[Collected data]
· · · ·
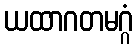
ယထာဂတမဂ္ဂံ
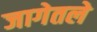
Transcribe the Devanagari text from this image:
जागेतले
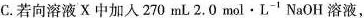
C.若向溶液X中加入270mL2.0mol·L^{-1}NaOH溶液，
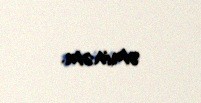
əminəm.
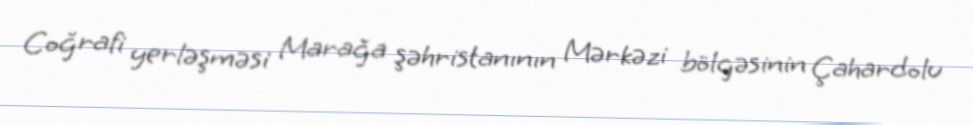
Coğrafi yerləşməsi Marağa şəhristanının Mərkəzi bölgəsinin Çahardolu
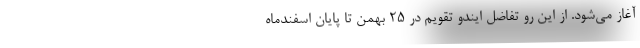
آغاز می‌شود. از این رو تفاضل ایندو تقویم در ۲۵ بهمن تا پایان اسفندماه
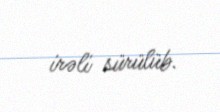
irəli sürülüb.
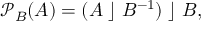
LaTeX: { \mathcal { P } } _ { B } ( A ) = ( A \; \rfloor \; B ^ { - 1 } ) \; \rfloor \; B ,
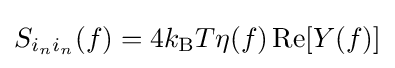
S_{i_{n}i_{n}}(f)=4k_{\text{B}}T\eta (f)\operatorname {Re} [Y(f)]
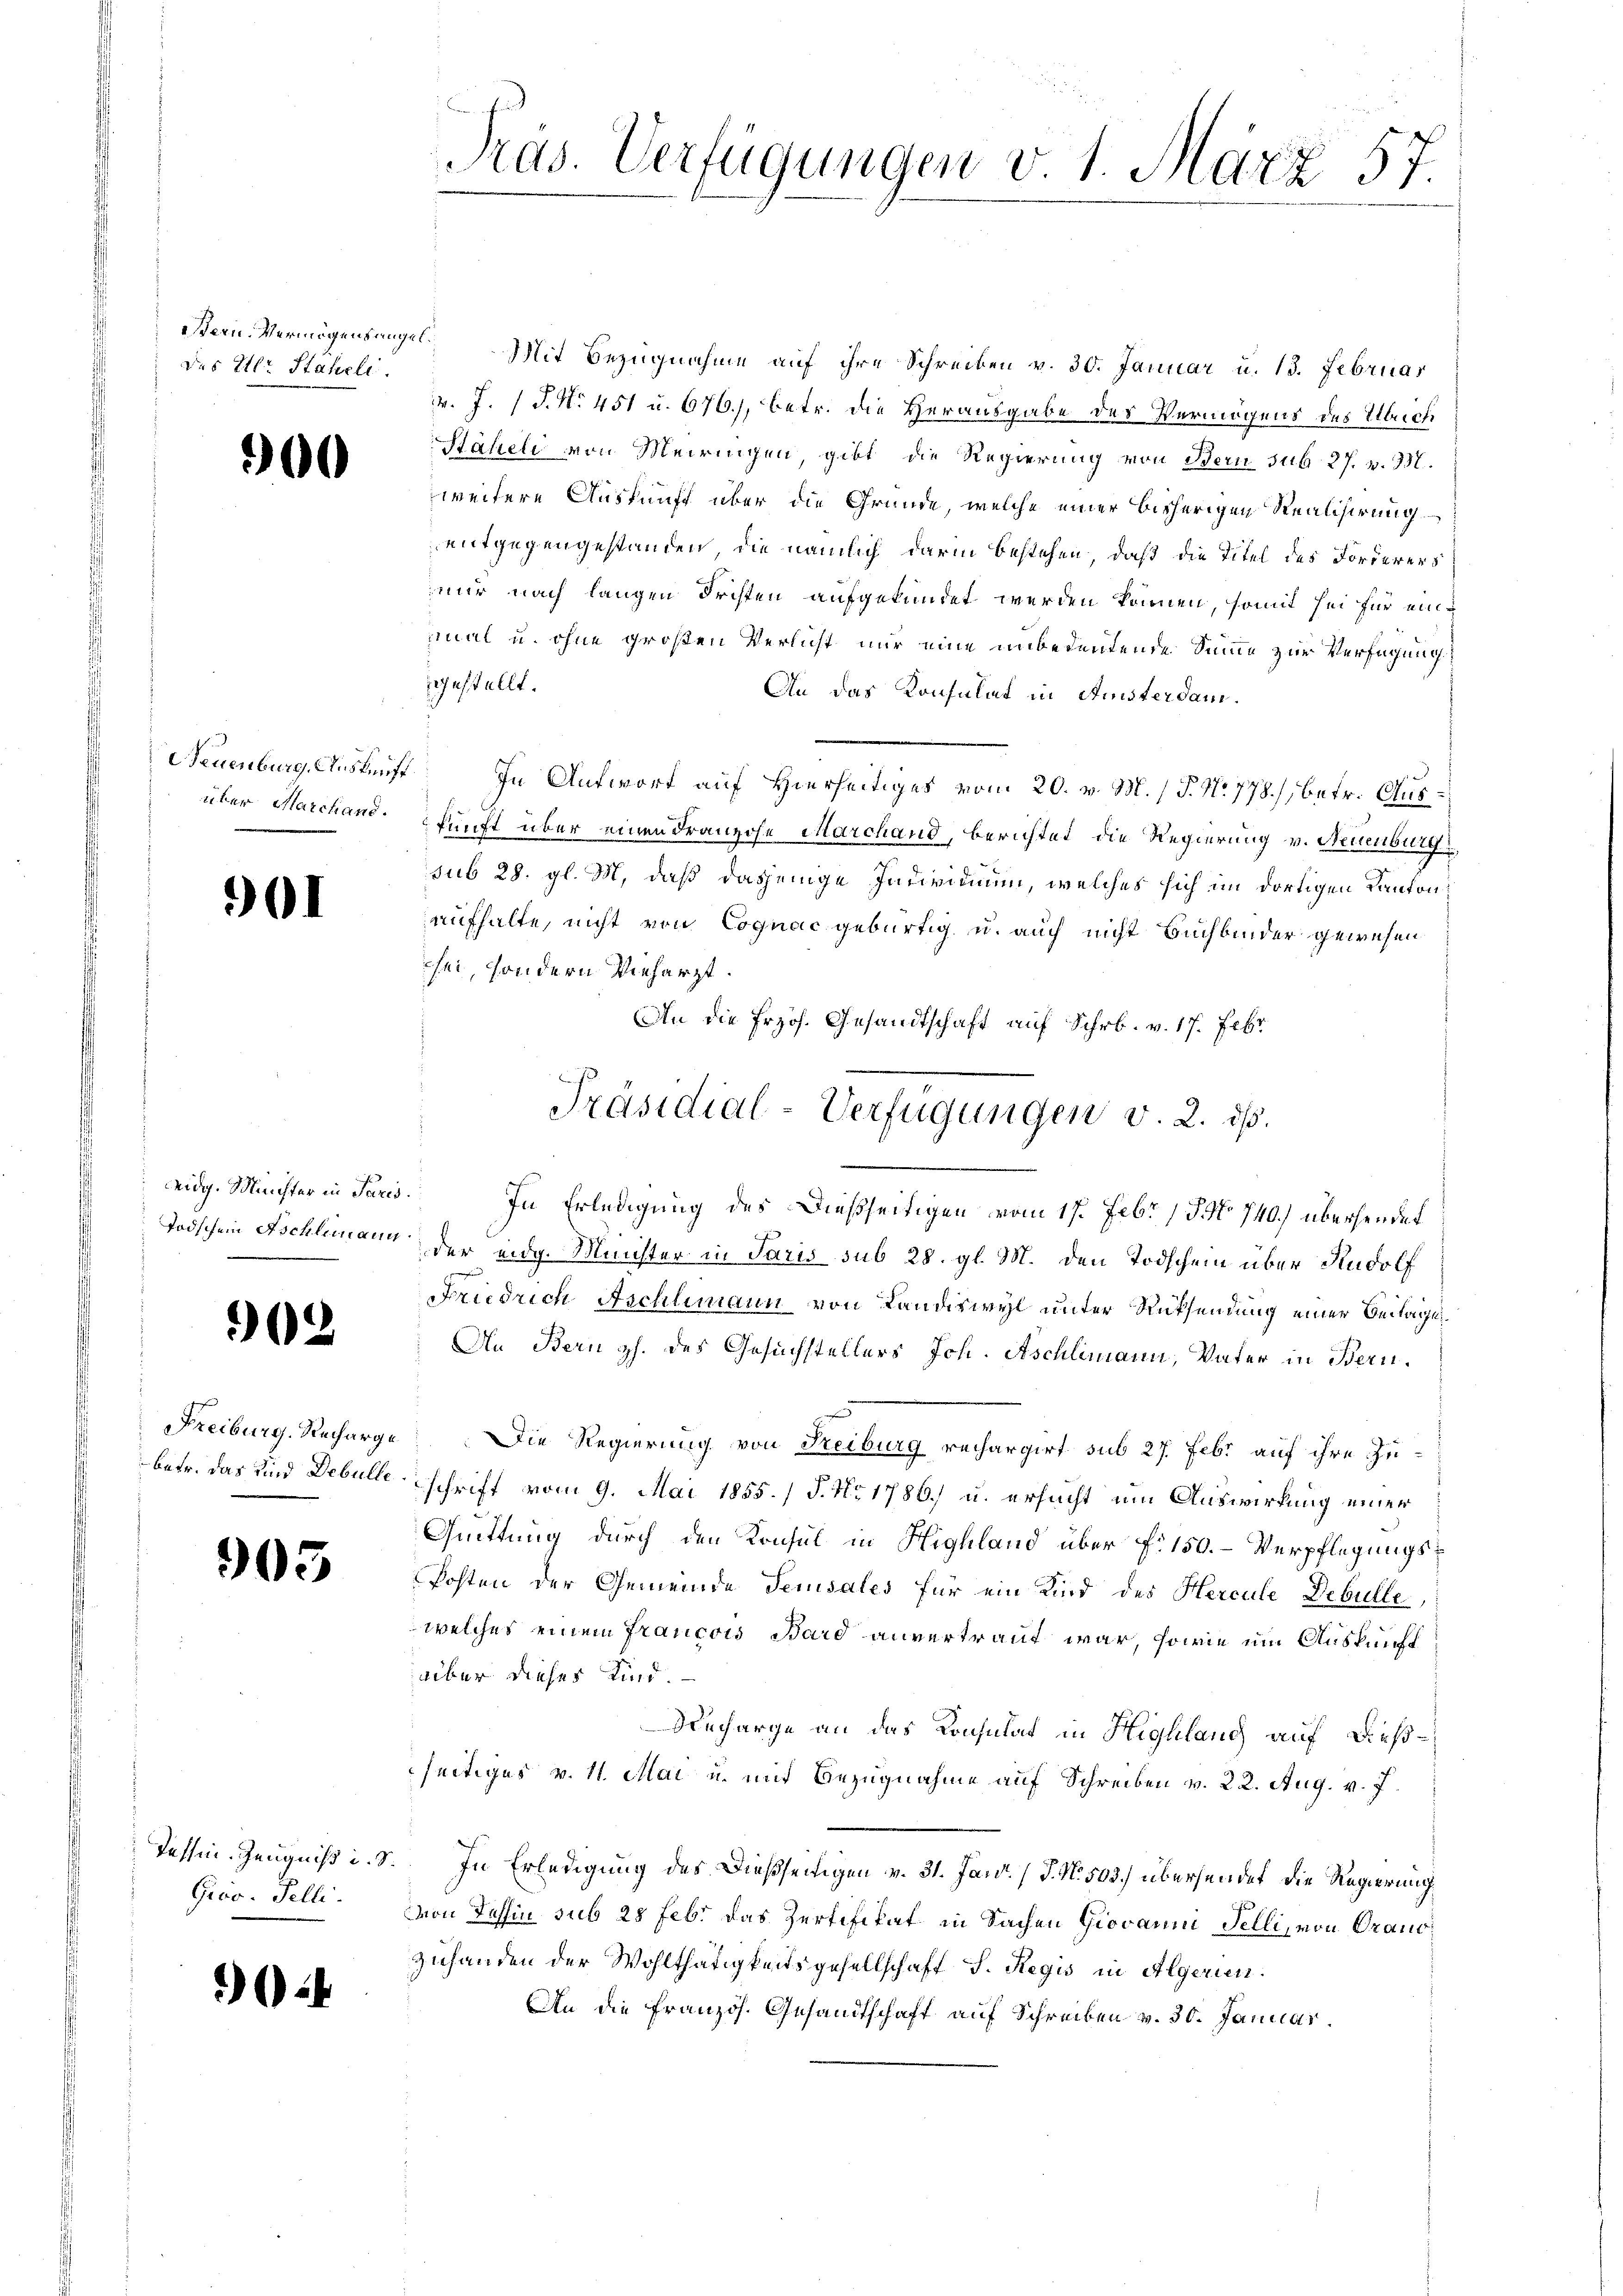
des Ill. Staheli

60

über Marchand.

901

deidg. Meichter in Paris.

6

Freiburg. Recharge

903

Tessin. Zeugniß u. d
Grov. Felli.

2

eßern Vermögensregel Mit Bezugnahme auf ihre Schreiben v. 30. Januar u. 13. Februar
. J. J. N. 451 u. 676.), betr. die Herausgabe des Vermögens des Ulrich
Stäheli von Meiringen, gibt die Regierung von Bern sub 27. v. M.
weitere Auskunft über die Gründe, welche einer bisherigen Realisirung
entgegengestanden, die nämlich darin bestehen, daß die Titel des Forderers
mir nach langen Fristen aufgekündet werden können, somit sei für einmal u. ohne großen Verlicht nur eine unbedeutende Summe zur Verfügung
gestellt.
An das Konsulat in Amsterdam¬
Neuenburg, Auskunft. In Antwort auf Hierseitiges vom 20. v. M. P. N. 778.), betr. Auskunft über einen dranzose Marchand, berichtet, die Regierung v. Neuenburg,
sub 28. gl. M. daß dasjenige Individuum, welches sich im dortigen Kanton
aufhalte, nicht von Cognac gebürtig u. auch nicht Buchbinder gewesen
sei, sondern Vieharzt.
An die Erzös. Gesandtschaft auf Schr. v. 17. Febr
In Erledigung des dießseitigen vom 17. Febr. 13 No 740.) übersendet
Todschein Aschlimann der eidg. Minister in Paris sub 28. gl. M. den Todschein über Rudolf
Friedrich Aschlimann von Landiswyl unter Rücksendung einer Beilagen¬
An Bern gl. des Gesuchstellers Joh. Aschlimann, Vater in Bern.
Die Regierung von Freiburg rechargirt sub 27. Febr. auf ihre Zubatr. das und Debulle schrift vom 9. Mai 1855. / P. No 1786) u. ersucht um Auswirkung einer
Quittung durch den Konsul in Highland über f. 150. – Verpflegungs¬
Posten der Gemeinde Sensales für ein Kind des Hercule Debulle
welches einem Francois Bard anvertraut war, sowie ein Auskunft
aber dieses Kind.
Decharge an das Konsulat in Highlang auf dießseitiges v. 11. Mai u. mit Bezugnahme auf Schreiben v. 22. Aug. v. J.
V. In Erledigung des Dießseitigen v. 31. Jan. (T. N. 503.) übersendet die Regierung
von Tessin sub 28 feb. das Zertifikat in Sachen Giovanni Felli, von Orano
Ziehanden der Wohlthätigkeitsgesellschaft S. Regis in Algerien.
An die Französ. Gesandtschaft auf Schreiben v. 30. Januar.

Pras. Verfügungen v. 1. März 57.

Präsidial-Verfügungen v. 2. ds.
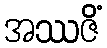
အဿဇိံ
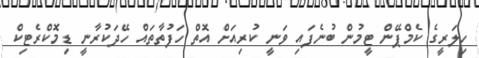
ހިލަރީގެ ކެމްޕޭން ޓީމުން ބުނެފައި ވަނީ ކުރިއަށް އޮތް ހަފުތާތައް ހޭދަކުރާނީ ޑިމޮކްރެޓިކް
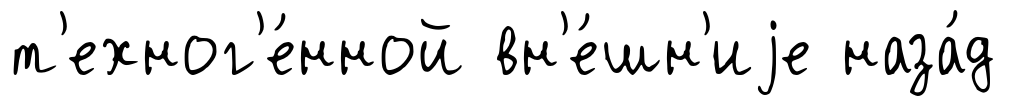
т'ехног'е́нной вн'е́шн'иjе наза́д
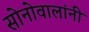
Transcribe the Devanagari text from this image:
सोनोवालांनी
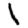
Digit: 1
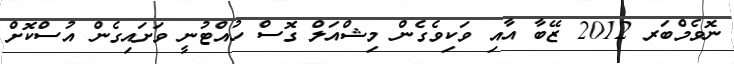
ނޮވެމްބަރ 2012 ޒޭބާ އާއި ވަކިވެގެން މިޝްއަލް ގޮސް ހުއްޓުނީ ވަށައިގެން އުސްކޮށް
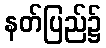
နတ်ပြည်၌
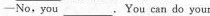
—No,you___.You can do your
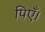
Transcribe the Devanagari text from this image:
पिएँ।
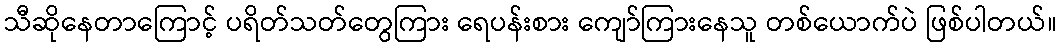
သီဆိုနေတာကြောင့် ပရိတ်သတ်တွေကြား ရေပန်းစား ကျော်ကြားနေသူ တစ်ယောက်ပဲ ဖြစ်ပါတယ်။
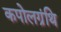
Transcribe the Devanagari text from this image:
कपोलग्रंथि
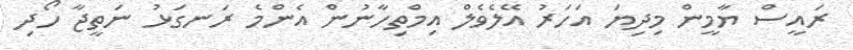
ރައީސް ޔާމީން މިދިޔަ އަހަރު އޭލެވެލް އިމްތިހާނުން އެންމެ ރަނގަޅު ނަތީޖާ ހޯދި
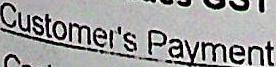
CUSTOMER'S PAYMENT
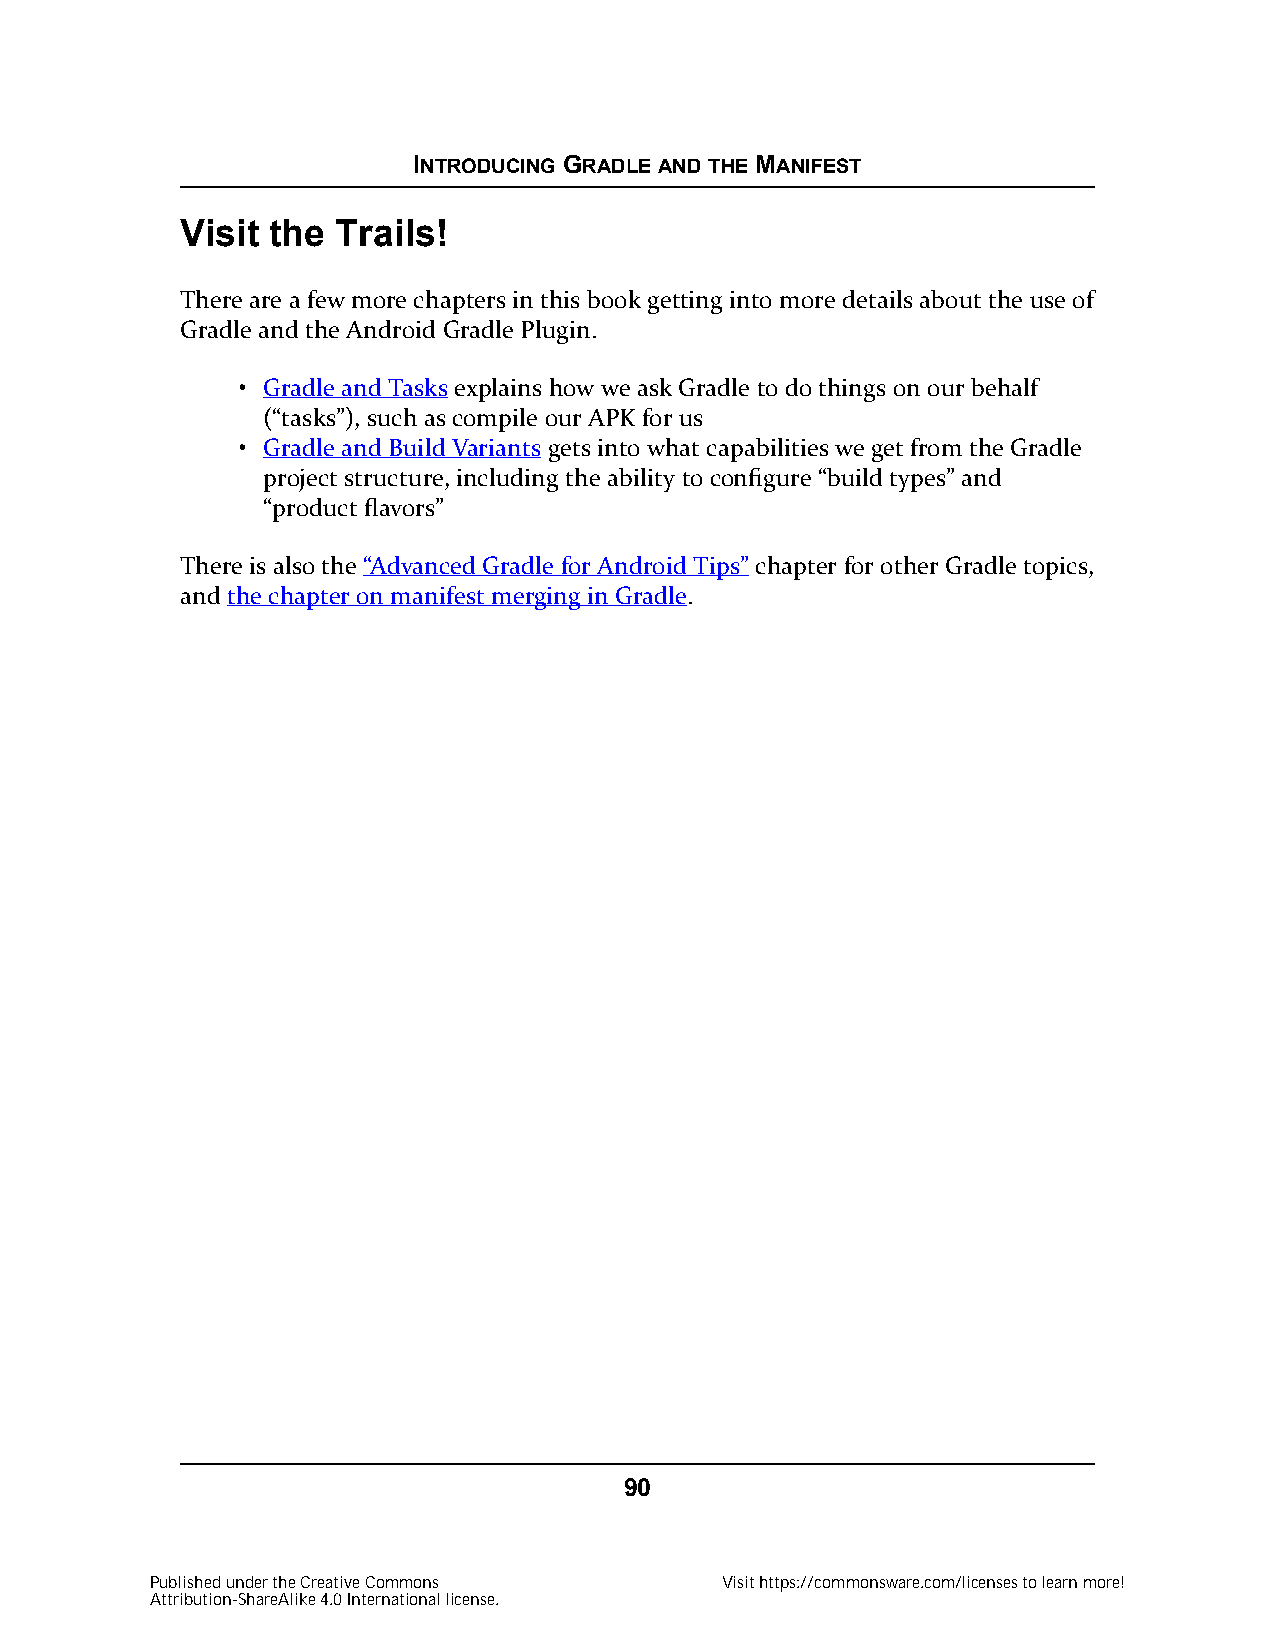
INTRODUCING GRADLE AND THE MANIFEST
 Visit the Trails!
 There are a few more chapters in this book getting into more details about the use of
 Gradle and the Android Gradle Plugin.
 • Gradle and Tasks explains how we ask Gradle to do things on our behalf
 (“tasks”), such as compile our APK for us
 • Gradle and Build Variants gets into what capabilities we get from the Gradle
 project structure, including the ability to configure “build types” and
 “product flavors”
 There is also the “Advanced Gradle for Android Tips” chapter for other Gradle topics,
 and the chapter on manifest merging in Gradle.
 90
 Published under the Creative Commons  Visit https://commonsware.com/licenses to learn more!
 Attribution-ShareAlike 4.0 International license.
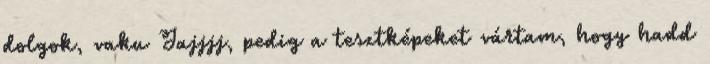
dolgok, vaku Jajjjj, pedig a tesztképeket vártam, hogy hadd
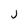
Character: j
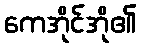
ကေအိုင်အို၏
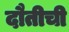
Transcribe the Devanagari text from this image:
दौतीची
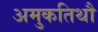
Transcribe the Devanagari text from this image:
अमुकतिथौ
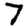
Digit: 7
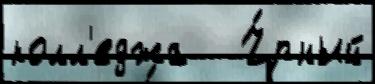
· · · ·
#### Exercise objective
In the entries above, some lines hold the string "Bezugnahme". Copy each of them.

#### Reply to the task
eßern Vermögensregel Mit Bezugnahme auf ihre Schreiben v. 30. Januar u. 13. Februar
Decharge an das Konsulat in Highlang auf dießseitiges v. 11. Mai u. mit Bezugnahme auf Schreiben v. 22. Aug. v. J.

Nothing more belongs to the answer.